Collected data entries
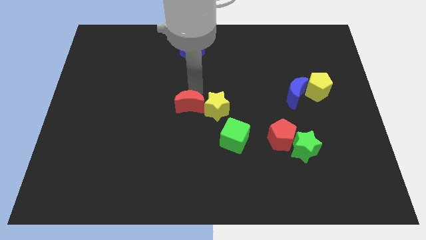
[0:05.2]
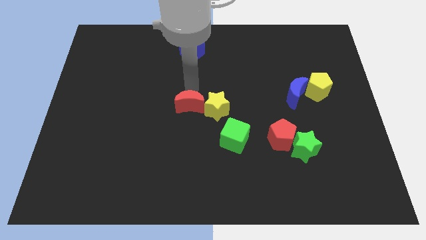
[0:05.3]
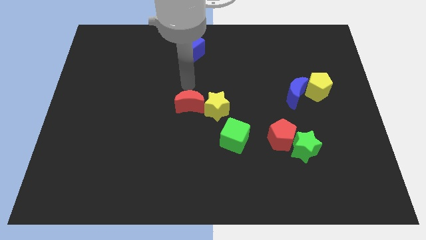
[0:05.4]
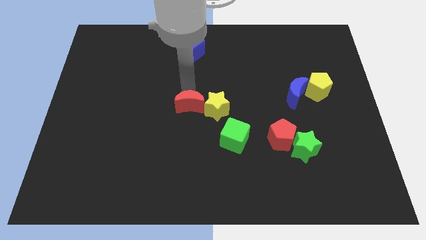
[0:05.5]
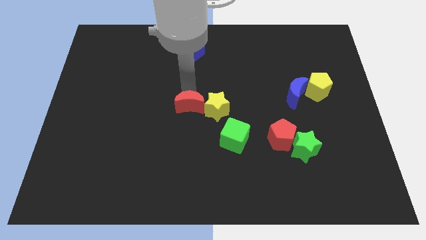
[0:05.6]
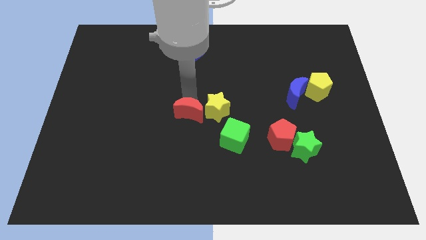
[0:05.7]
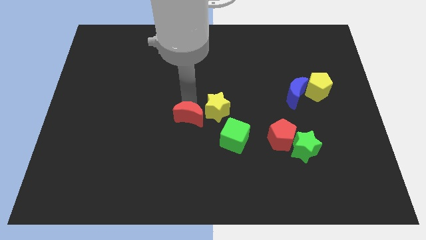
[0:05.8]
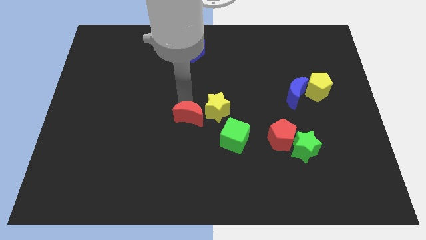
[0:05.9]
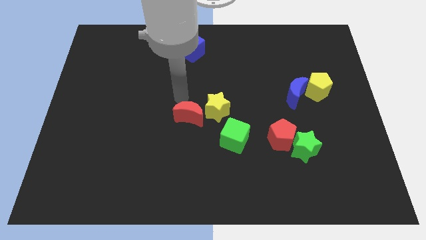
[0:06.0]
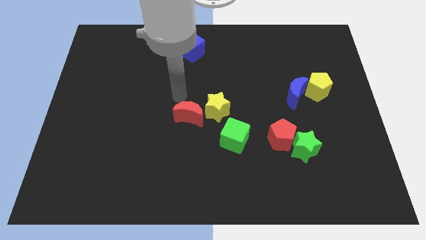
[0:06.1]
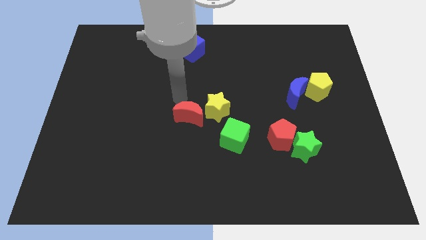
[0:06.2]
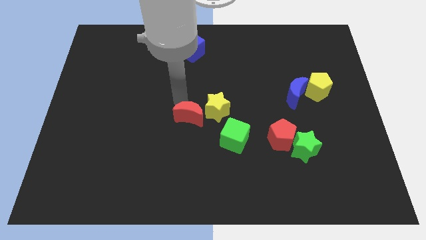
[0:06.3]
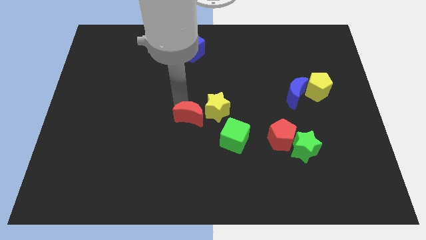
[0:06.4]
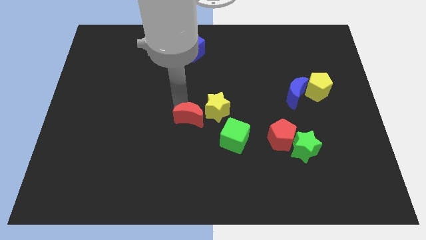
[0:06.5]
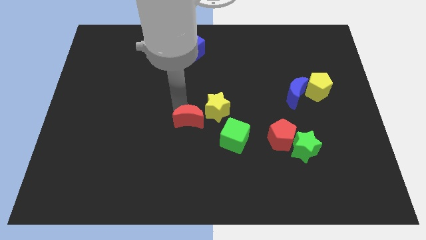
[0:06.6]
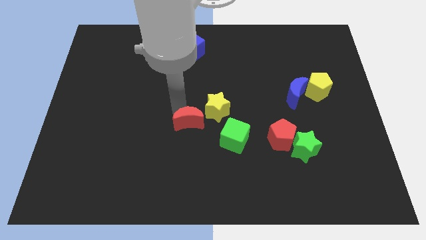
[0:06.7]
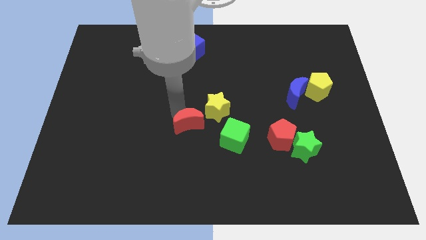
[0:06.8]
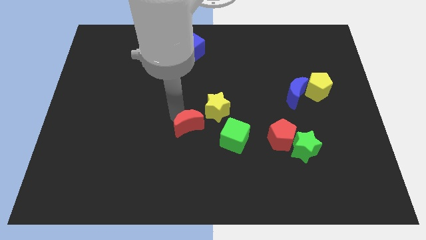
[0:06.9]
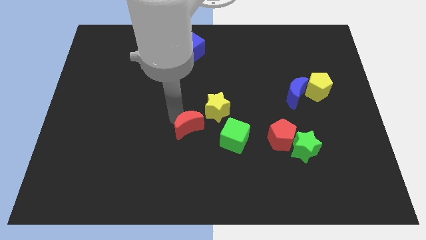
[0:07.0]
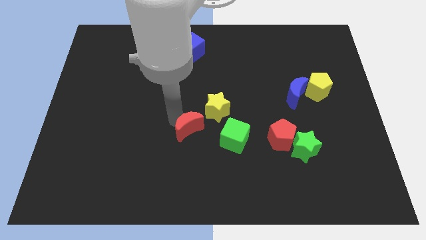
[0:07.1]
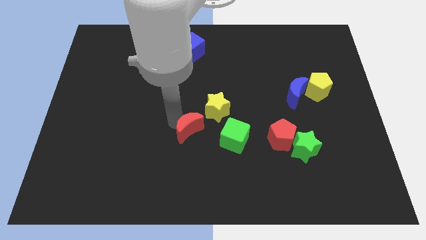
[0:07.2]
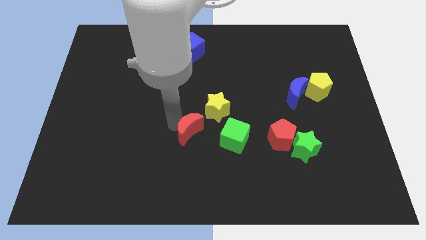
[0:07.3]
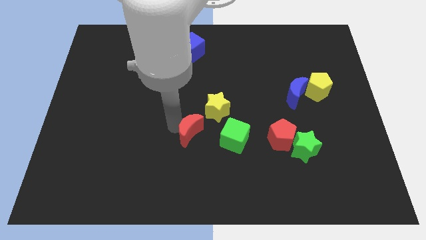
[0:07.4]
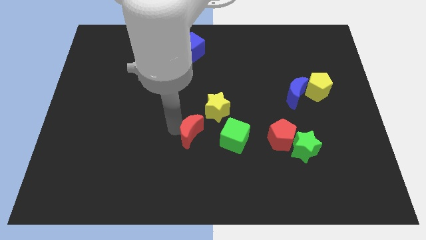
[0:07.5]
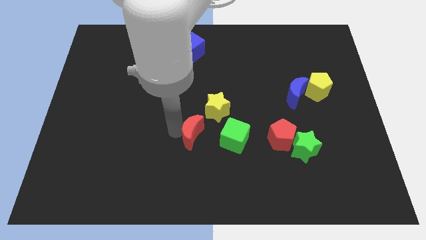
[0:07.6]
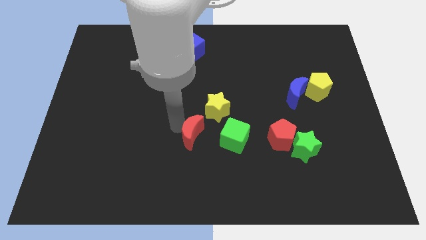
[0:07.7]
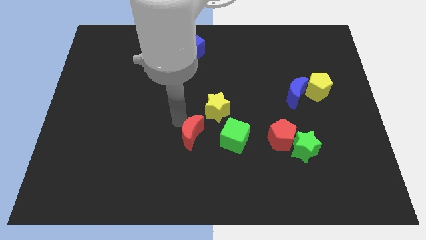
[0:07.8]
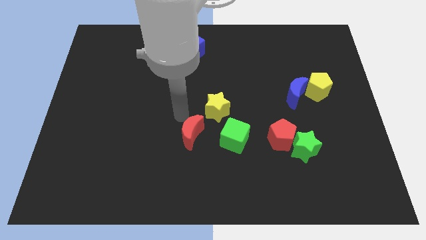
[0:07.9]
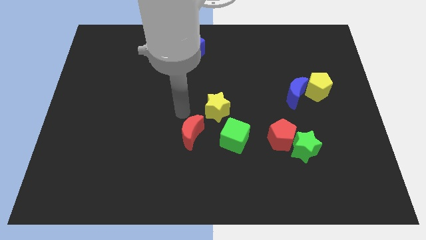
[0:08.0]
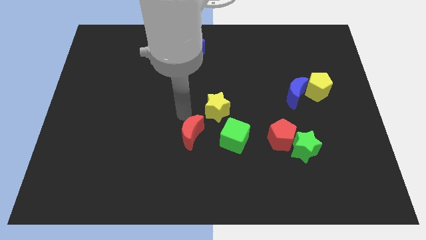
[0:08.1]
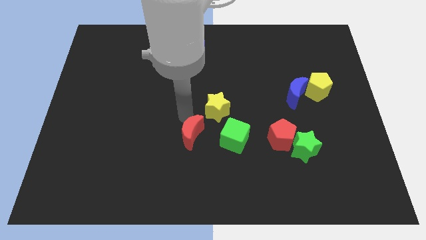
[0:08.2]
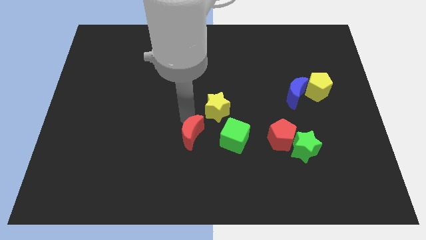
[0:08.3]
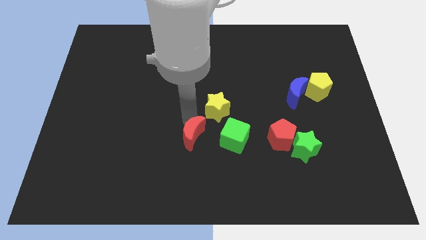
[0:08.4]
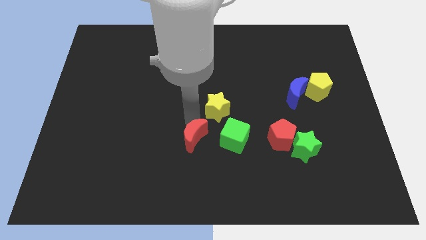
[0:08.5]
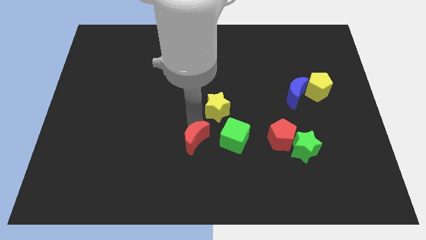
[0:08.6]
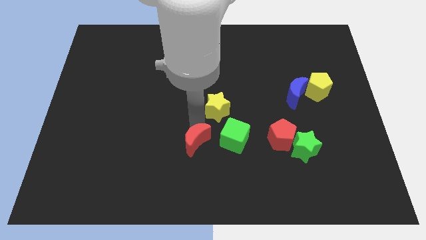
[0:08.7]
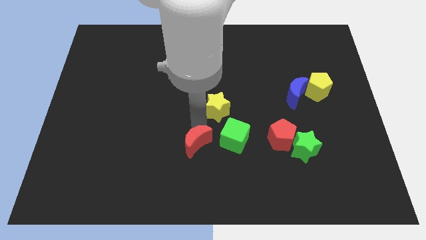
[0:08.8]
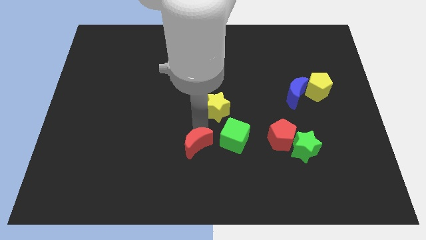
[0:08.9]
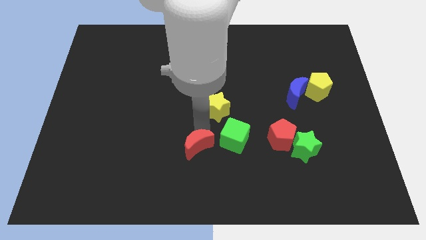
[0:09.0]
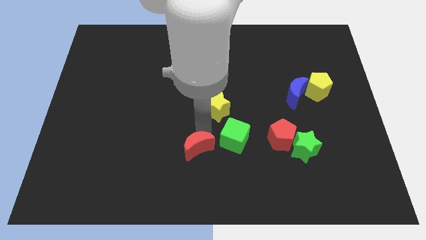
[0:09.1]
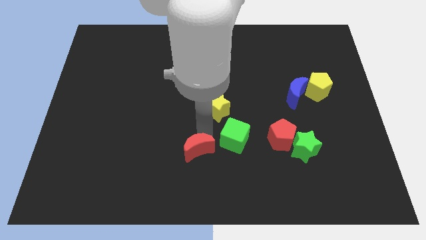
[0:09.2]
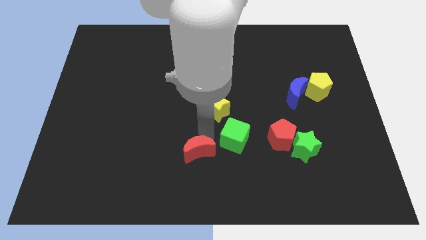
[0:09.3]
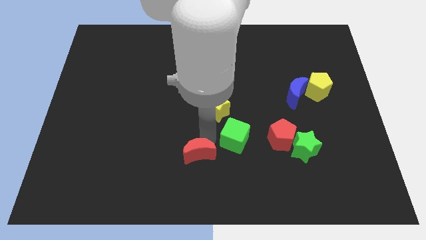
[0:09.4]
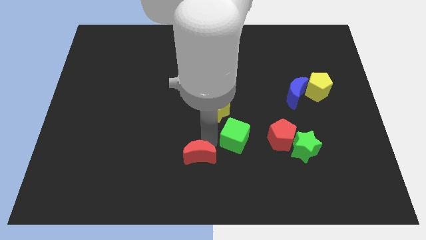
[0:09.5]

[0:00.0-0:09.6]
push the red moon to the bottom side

→ **Task instructions**:
Every entry above, pictures excluded, needs to be duplicated exactly.

→ **Answer box**:
[0:05.2]
[0:05.3]
[0:05.4]
[0:05.5]
[0:05.6]
[0:05.7]
[0:05.8]
[0:05.9]
[0:06.0]
[0:06.1]
[0:06.2]
[0:06.3]
[0:06.4]
[0:06.5]
[0:06.6]
[0:06.7]
[0:06.8]
[0:06.9]
[0:07.0]
[0:07.1]
[0:07.2]
[0:07.3]
[0:07.4]
[0:07.5]
[0:07.6]
[0:07.7]
[0:07.8]
[0:07.9]
[0:08.0]
[0:08.1]
[0:08.2]
[0:08.3]
[0:08.4]
[0:08.5]
[0:08.6]
[0:08.7]
[0:08.8]
[0:08.9]
[0:09.0]
[0:09.1]
[0:09.2]
[0:09.3]
[0:09.4]
[0:09.5]

[0:00.0-0:09.6]
push the red moon to the bottom side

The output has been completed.